REQUIRED ACTION
In the data that follows, count each line holding the string "http"; answer with the number only.

MATERIAL PROVIDED
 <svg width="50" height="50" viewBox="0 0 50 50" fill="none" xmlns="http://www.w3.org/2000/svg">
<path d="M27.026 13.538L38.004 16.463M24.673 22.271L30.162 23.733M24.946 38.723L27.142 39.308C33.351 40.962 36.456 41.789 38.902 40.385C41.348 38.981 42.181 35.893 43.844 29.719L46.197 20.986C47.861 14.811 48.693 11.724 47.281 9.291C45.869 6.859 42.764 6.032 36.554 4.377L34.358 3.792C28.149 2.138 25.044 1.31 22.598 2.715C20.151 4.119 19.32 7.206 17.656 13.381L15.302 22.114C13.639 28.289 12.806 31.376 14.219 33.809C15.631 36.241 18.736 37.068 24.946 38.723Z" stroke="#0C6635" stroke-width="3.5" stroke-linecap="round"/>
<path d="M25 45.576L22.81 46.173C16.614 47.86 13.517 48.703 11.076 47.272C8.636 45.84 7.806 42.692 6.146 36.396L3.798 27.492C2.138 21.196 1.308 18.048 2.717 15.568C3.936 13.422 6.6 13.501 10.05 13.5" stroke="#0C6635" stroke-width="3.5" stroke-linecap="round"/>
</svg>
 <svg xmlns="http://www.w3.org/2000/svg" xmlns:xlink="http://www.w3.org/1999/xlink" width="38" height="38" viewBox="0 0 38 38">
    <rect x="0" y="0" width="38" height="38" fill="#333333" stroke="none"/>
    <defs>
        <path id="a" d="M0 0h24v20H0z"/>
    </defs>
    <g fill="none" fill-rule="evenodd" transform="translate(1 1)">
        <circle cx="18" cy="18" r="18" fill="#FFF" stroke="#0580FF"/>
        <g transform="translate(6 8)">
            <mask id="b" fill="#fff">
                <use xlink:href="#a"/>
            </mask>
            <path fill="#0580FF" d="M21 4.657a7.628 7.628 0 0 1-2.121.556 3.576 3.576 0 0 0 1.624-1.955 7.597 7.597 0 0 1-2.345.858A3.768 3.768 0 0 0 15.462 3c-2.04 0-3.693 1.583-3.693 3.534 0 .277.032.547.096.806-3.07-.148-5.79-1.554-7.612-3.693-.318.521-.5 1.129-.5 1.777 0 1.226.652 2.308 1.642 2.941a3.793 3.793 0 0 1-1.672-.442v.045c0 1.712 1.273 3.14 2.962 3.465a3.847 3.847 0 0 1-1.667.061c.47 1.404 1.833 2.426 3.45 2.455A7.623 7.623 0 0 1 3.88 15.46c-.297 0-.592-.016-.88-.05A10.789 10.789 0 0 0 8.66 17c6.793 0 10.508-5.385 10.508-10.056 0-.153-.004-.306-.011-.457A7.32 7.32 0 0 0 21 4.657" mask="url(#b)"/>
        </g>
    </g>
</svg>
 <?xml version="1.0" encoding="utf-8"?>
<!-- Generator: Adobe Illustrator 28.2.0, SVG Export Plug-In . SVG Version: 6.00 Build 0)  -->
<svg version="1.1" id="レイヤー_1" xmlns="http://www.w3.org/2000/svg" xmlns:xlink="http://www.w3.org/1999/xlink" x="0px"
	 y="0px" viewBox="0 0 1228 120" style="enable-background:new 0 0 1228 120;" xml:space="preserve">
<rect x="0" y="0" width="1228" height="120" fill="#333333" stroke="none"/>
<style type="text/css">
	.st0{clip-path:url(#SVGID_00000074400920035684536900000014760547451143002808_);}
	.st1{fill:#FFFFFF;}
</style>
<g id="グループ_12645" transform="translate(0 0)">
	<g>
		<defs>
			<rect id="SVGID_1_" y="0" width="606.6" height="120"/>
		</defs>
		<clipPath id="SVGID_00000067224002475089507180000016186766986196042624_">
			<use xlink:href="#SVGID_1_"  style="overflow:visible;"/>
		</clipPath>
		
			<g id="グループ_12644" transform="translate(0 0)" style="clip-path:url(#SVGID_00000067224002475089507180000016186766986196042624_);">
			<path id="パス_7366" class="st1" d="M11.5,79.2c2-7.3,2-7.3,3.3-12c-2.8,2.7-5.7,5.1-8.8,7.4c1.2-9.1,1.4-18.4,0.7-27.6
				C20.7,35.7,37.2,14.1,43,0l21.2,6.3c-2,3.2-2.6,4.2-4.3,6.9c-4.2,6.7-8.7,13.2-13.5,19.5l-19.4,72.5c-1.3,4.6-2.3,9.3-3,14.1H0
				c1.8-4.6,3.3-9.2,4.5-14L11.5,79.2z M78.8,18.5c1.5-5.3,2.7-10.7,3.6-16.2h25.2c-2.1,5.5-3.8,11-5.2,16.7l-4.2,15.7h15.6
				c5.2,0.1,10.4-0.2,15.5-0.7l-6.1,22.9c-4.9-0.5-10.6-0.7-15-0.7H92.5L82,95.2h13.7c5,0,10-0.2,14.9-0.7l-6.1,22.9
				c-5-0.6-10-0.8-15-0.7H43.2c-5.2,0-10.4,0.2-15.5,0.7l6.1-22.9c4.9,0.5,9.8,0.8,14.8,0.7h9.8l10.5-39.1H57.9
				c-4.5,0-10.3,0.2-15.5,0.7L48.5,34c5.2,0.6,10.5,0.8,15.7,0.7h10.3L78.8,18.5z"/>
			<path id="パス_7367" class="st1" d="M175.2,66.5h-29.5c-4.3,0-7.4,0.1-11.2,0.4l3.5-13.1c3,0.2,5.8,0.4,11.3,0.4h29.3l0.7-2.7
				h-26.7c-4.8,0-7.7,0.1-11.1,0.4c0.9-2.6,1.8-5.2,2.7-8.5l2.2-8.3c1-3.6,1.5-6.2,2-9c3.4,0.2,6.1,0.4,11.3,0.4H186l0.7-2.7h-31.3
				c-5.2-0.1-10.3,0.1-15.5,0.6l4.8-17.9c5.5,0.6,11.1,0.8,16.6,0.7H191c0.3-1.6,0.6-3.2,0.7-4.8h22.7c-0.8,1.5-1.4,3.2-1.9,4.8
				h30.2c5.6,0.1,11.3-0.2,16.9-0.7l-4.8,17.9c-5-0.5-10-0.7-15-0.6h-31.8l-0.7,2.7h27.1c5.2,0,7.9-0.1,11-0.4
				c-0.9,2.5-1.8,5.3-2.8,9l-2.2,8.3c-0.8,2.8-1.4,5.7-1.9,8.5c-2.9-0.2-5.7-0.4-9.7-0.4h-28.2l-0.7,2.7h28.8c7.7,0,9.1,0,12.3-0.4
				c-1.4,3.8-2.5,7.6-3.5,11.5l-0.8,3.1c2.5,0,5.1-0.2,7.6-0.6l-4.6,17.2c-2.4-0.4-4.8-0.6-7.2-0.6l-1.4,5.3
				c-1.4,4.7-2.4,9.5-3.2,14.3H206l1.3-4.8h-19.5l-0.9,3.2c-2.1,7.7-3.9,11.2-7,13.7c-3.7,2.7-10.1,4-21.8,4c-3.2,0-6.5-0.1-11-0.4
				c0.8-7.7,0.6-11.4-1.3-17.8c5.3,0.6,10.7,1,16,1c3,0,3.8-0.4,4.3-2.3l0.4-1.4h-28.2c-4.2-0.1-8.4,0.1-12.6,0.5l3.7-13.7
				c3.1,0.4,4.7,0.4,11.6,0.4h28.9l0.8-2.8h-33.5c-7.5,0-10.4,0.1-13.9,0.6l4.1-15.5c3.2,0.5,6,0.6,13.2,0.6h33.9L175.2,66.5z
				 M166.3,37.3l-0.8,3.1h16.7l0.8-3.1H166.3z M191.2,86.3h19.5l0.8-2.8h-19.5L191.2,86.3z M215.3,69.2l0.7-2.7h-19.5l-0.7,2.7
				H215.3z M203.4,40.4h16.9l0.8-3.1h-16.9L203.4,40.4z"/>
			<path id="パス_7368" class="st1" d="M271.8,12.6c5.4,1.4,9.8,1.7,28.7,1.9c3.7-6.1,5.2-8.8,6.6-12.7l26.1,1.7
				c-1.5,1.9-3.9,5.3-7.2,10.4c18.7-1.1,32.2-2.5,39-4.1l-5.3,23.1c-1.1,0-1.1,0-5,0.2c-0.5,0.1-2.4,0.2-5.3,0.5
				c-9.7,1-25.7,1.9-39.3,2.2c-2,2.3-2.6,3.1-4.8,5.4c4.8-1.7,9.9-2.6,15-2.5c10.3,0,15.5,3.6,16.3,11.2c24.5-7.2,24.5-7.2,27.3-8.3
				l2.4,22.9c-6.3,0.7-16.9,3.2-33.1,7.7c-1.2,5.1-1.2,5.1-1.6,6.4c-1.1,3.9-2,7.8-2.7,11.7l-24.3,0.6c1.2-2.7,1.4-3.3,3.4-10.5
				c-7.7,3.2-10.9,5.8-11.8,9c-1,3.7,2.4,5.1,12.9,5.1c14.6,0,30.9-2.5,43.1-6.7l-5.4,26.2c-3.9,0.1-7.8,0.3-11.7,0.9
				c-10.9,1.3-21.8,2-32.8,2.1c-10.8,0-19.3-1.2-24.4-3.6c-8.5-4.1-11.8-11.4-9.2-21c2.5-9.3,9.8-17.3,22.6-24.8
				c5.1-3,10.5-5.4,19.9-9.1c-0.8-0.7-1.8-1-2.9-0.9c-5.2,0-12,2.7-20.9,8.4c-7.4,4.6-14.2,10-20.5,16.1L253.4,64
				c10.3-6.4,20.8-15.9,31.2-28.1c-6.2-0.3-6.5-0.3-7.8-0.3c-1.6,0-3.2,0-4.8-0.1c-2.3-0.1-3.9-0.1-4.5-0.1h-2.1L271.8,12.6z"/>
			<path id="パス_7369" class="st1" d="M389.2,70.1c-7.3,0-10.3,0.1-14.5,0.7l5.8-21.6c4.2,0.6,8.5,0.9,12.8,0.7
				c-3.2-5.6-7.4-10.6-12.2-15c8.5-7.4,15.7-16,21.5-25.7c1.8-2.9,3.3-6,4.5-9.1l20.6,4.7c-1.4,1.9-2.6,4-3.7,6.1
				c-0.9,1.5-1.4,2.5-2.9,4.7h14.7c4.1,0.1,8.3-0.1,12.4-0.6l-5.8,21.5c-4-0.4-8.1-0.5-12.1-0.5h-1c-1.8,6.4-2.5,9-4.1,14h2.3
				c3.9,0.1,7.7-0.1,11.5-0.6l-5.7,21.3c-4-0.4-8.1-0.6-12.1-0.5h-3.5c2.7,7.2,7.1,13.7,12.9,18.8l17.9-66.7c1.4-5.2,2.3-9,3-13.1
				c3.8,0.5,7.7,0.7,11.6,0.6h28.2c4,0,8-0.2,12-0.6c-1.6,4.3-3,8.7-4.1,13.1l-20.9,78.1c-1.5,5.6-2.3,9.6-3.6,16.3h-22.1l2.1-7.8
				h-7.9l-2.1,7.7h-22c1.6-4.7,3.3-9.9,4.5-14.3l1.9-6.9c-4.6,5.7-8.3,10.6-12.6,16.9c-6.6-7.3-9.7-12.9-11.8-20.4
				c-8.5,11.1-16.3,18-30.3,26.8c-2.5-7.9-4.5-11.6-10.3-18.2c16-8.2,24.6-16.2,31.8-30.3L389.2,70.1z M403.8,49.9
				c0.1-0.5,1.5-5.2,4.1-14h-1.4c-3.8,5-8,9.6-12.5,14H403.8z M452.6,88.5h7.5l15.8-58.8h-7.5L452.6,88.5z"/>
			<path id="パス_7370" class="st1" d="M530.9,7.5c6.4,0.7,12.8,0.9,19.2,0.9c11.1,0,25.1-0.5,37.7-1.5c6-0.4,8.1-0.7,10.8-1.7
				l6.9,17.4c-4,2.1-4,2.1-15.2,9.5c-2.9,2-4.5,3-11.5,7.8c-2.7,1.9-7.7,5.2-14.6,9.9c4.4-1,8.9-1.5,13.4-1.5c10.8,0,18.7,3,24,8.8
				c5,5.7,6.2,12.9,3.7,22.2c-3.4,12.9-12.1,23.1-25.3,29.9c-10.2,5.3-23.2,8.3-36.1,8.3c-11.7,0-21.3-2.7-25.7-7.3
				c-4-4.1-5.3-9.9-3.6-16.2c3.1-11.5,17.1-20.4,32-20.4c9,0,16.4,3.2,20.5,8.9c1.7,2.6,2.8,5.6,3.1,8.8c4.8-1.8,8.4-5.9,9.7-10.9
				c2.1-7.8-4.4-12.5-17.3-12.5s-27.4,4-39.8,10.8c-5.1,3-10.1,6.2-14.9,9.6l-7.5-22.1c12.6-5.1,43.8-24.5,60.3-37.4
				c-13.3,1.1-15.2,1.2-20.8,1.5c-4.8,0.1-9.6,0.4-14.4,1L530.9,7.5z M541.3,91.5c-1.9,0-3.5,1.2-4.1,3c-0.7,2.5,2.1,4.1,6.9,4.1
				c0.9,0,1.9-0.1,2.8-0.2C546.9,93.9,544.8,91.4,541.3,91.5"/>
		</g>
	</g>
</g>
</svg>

RESULT FOR THIS TASK
3